Start of GIVEN DATA

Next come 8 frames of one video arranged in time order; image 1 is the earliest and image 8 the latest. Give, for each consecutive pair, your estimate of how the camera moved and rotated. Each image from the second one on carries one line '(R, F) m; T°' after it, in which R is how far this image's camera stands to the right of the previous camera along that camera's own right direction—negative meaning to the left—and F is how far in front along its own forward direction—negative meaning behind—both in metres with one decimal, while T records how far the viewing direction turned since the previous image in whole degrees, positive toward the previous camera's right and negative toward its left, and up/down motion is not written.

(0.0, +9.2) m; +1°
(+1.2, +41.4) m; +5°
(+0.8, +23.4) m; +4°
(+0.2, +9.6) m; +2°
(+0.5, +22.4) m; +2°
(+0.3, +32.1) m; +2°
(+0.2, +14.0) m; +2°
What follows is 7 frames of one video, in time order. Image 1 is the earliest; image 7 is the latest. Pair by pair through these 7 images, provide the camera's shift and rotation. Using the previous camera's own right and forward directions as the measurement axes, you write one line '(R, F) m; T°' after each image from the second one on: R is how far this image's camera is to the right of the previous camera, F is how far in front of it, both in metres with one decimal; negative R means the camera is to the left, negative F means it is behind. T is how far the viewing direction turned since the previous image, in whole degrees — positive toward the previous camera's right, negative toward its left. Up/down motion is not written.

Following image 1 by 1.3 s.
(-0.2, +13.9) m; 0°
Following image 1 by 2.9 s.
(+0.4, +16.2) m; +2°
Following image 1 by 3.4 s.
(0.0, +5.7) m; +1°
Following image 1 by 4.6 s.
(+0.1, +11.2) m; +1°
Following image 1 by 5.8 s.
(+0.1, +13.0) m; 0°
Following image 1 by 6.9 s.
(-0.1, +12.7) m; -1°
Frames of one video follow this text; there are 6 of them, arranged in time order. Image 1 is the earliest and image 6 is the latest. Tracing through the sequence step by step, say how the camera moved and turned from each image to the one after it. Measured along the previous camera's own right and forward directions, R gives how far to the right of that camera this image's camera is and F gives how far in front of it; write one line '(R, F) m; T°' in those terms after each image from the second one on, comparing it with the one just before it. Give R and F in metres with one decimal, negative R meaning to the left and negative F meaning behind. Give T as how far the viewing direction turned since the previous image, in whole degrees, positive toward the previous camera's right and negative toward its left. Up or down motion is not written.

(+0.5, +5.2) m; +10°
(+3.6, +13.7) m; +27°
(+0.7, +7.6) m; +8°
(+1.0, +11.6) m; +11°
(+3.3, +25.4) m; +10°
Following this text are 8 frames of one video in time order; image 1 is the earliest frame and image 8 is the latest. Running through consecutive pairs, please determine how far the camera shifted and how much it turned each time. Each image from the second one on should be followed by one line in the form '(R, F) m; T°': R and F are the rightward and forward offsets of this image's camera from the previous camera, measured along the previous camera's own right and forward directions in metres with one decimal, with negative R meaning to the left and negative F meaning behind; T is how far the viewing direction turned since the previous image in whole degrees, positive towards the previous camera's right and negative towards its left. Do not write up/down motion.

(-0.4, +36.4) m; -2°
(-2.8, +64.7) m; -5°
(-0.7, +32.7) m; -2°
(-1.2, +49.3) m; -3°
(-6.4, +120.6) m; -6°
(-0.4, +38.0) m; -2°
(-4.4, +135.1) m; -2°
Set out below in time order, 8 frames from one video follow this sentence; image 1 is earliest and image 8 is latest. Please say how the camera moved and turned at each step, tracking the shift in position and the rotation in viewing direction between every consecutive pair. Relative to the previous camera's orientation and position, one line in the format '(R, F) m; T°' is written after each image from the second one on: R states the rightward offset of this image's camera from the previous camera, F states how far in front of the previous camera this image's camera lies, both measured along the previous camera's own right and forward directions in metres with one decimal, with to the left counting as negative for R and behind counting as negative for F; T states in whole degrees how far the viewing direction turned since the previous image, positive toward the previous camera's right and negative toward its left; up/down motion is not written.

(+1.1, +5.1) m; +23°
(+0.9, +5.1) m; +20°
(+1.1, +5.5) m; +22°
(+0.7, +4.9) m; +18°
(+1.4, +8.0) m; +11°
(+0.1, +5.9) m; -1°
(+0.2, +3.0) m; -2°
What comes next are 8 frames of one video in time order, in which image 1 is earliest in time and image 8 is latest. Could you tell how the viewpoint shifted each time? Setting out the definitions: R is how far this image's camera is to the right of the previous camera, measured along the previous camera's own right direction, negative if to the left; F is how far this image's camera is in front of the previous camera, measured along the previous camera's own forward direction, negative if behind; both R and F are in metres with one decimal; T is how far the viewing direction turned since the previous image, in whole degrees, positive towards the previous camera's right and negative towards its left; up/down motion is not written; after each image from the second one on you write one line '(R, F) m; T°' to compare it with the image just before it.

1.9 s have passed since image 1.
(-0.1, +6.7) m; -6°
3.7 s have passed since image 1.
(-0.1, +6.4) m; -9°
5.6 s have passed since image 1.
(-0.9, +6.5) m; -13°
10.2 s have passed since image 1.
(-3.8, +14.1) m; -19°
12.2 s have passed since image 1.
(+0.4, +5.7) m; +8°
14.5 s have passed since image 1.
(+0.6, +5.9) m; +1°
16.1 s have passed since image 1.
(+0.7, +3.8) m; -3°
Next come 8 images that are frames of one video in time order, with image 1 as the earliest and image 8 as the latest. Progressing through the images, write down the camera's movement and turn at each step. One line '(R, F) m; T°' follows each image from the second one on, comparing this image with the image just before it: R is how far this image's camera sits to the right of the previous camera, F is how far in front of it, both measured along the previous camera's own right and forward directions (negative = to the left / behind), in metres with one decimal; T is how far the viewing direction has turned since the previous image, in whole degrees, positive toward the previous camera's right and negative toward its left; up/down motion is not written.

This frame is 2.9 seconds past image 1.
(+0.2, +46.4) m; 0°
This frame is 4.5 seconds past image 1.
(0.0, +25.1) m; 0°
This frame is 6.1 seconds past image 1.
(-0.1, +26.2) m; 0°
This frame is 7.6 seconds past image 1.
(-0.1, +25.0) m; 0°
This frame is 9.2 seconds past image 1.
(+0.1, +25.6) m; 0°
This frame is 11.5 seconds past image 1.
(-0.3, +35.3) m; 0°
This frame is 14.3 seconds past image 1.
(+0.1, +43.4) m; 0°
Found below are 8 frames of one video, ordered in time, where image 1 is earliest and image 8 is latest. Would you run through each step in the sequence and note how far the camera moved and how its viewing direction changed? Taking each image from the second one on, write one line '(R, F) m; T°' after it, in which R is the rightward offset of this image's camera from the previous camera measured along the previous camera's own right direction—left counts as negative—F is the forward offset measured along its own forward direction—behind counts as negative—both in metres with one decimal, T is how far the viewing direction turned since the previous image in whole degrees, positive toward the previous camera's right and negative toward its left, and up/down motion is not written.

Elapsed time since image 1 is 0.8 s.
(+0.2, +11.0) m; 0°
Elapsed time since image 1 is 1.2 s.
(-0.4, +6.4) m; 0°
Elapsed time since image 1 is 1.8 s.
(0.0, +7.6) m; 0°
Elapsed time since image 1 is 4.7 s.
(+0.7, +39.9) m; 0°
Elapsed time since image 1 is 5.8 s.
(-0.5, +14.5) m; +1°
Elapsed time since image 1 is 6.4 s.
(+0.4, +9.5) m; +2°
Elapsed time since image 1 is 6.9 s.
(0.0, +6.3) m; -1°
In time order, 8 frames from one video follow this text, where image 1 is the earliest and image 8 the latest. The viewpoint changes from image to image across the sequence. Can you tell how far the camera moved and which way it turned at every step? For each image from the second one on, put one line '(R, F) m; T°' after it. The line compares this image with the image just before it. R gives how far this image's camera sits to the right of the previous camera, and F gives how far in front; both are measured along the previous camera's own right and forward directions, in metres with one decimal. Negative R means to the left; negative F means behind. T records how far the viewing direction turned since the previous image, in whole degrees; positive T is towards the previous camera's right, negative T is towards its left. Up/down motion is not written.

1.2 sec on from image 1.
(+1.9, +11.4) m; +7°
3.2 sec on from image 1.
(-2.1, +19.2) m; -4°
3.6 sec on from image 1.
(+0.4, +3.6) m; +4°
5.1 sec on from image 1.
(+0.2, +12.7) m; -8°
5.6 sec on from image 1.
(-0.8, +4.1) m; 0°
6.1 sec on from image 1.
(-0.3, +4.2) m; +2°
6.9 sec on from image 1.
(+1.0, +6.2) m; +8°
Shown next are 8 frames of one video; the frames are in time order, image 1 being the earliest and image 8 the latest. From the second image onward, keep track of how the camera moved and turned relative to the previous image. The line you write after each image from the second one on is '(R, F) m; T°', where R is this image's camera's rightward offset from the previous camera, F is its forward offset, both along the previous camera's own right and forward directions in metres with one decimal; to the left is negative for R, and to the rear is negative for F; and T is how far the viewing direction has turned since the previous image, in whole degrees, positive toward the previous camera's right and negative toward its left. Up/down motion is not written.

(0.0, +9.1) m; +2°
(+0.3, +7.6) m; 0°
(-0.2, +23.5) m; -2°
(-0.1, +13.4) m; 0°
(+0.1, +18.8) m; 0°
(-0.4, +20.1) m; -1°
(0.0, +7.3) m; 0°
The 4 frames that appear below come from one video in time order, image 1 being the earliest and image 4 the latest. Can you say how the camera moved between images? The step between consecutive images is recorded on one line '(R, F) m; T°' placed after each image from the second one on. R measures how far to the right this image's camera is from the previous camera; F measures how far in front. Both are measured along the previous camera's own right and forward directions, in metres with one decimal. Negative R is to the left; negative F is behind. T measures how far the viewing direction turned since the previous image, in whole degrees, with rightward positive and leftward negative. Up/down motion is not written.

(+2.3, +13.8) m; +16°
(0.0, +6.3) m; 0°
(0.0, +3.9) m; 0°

End of GIVEN DATA

## WHAT YOU WILL DO
If a line falls between the first line of the records and the line containing "What follows is", inclusive, repeat it exactly; leave out all others.

## ANSWER TO THIS PROBLEM
Next come 8 frames of one video arranged in time order; image 1 is the earliest and image 8 the latest. Give, for each consecutive pair, your estimate of how the camera moved and rotated. Each image from the second one on carries one line '(R, F) m; T°' after it, in which R is how far this image's camera stands to the right of the previous camera along that camera's own right direction—negative meaning to the left—and F is how far in front along its own forward direction—negative meaning behind—both in metres with one decimal, while T records how far the viewing direction turned since the previous image in whole degrees, positive toward the previous camera's right and negative toward its left, and up/down motion is not written.

(0.0, +9.2) m; +1°
(+1.2, +41.4) m; +5°
(+0.8, +23.4) m; +4°
(+0.2, +9.6) m; +2°
(+0.5, +22.4) m; +2°
(+0.3, +32.1) m; +2°
(+0.2, +14.0) m; +2°
What follows is 7 frames of one video, in time order. Image 1 is the earliest; image 7 is the latest. Pair by pair through these 7 images, provide the camera's shift and rotation. Using the previous camera's own right and forward directions as the measurement axes, you write one line '(R, F) m; T°' after each image from the second one on: R is how far this image's camera is to the right of the previous camera, F is how far in front of it, both in metres with one decimal; negative R means the camera is to the left, negative F means it is behind. T is how far the viewing direction turned since the previous image, in whole degrees — positive toward the previous camera's right, negative toward its left. Up/down motion is not written.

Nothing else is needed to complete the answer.